Fig. 7.

Generation of the Pax9Cre mouse. (A) A Pax9Cre targeting vector was created with a Cre cassette inserted into the SmaI restriction sites found in exons 2 and 3 of the Pax9 gene. For transformation, the vector was linearised with SfiI. (B) Correctly targeted ES cells were identified by Southern blotting on XbaI-digested genomic DNA. (C) The derived Pax9Cre-Neo mice were crossed with FLPe-expressing mice to remove the neomycin cassette and create Pax9Cre mice, which were genotyped using the indicated primers. (D-G) Pax9Cre mice were mated with R26R^lacZ reporter mice and embryos were stained with X-Gal at E8.5 (n=3), E9.5 (n=7), E10.5 (n=6) and E11.5 (n=5).
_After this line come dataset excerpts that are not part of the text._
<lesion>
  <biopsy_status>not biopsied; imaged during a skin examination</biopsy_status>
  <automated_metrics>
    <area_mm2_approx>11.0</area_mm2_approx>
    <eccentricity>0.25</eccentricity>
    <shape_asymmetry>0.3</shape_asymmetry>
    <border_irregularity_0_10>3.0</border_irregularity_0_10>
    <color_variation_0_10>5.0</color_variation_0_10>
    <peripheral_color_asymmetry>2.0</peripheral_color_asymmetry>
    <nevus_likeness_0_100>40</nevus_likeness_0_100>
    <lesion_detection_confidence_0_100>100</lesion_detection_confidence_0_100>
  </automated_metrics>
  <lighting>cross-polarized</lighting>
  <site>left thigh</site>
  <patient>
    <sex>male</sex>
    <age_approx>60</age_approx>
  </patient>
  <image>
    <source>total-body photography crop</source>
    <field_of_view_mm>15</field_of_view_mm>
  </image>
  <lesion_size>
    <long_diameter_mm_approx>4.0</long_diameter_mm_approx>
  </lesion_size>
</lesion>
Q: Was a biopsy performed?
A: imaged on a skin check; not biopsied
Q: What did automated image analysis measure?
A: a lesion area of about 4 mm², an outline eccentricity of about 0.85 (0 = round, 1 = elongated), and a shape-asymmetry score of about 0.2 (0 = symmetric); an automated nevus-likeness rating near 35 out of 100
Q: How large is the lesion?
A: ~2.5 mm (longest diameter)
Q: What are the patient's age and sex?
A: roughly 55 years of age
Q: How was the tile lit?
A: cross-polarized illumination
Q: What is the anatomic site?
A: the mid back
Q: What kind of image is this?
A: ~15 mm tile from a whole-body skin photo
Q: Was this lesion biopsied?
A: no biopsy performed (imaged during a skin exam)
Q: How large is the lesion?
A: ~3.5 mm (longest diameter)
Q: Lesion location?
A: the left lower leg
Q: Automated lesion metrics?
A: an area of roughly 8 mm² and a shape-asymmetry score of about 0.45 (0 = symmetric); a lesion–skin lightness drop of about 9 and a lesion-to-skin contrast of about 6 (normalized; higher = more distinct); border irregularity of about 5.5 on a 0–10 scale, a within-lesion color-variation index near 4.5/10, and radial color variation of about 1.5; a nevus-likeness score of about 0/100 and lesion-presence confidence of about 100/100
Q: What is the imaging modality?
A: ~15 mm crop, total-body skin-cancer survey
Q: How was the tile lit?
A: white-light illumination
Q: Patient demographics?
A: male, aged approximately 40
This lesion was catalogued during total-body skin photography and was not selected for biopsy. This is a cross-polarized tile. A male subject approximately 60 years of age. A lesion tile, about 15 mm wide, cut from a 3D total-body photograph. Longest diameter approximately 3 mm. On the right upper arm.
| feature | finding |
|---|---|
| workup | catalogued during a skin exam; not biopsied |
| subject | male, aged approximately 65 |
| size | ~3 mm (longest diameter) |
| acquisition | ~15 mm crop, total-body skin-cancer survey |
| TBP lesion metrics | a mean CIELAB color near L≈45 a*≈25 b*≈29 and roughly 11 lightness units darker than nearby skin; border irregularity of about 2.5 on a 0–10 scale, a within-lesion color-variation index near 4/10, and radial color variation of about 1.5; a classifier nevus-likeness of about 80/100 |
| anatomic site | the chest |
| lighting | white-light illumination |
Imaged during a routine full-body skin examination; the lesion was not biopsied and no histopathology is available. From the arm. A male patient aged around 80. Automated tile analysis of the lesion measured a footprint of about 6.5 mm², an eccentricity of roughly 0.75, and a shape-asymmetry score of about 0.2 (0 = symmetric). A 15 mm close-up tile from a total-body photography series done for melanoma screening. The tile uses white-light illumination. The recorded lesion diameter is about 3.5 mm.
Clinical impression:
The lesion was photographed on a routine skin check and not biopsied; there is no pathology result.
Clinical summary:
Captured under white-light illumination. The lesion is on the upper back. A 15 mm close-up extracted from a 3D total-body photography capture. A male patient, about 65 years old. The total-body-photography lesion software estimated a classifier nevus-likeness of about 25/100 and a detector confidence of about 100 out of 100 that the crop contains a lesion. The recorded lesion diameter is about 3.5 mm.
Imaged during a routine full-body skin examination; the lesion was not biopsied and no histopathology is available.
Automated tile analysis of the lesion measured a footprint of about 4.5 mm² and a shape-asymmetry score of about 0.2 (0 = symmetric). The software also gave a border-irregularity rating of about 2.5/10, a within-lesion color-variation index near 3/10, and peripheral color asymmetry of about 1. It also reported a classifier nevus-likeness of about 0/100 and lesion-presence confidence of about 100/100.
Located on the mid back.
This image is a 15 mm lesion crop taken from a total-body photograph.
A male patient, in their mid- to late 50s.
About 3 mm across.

Positive staining in regions known to express Pax9 was observed (alb, anterior limb bud; np, nasal process; pp, pharyngeal pouch; vc, vertebral column). (H-Q) Pax9Cre and Pax9^flox/flox mice were crossed to create Pax9^+/flox (control) and Pax9^Cre/flox (mutant) mice. All Pax9^Cre/flox neonates died on the day of birth and presented with the typical Pax9-null phenotype (n=5), including a bloated abdomen (I, arrow) and pre-axial digit duplication (d) in the hind limb (K, arrow). Sections of E14.5-E15.5 embryos (n=6) showed cleft palate (CP; M), absent thymus and cardiovascular defects (O,Q). AoA, aortic arch; BC, brachiocephalic; Th, thymus. Somite counts (s) are indicated. Scale bars: 500 µm.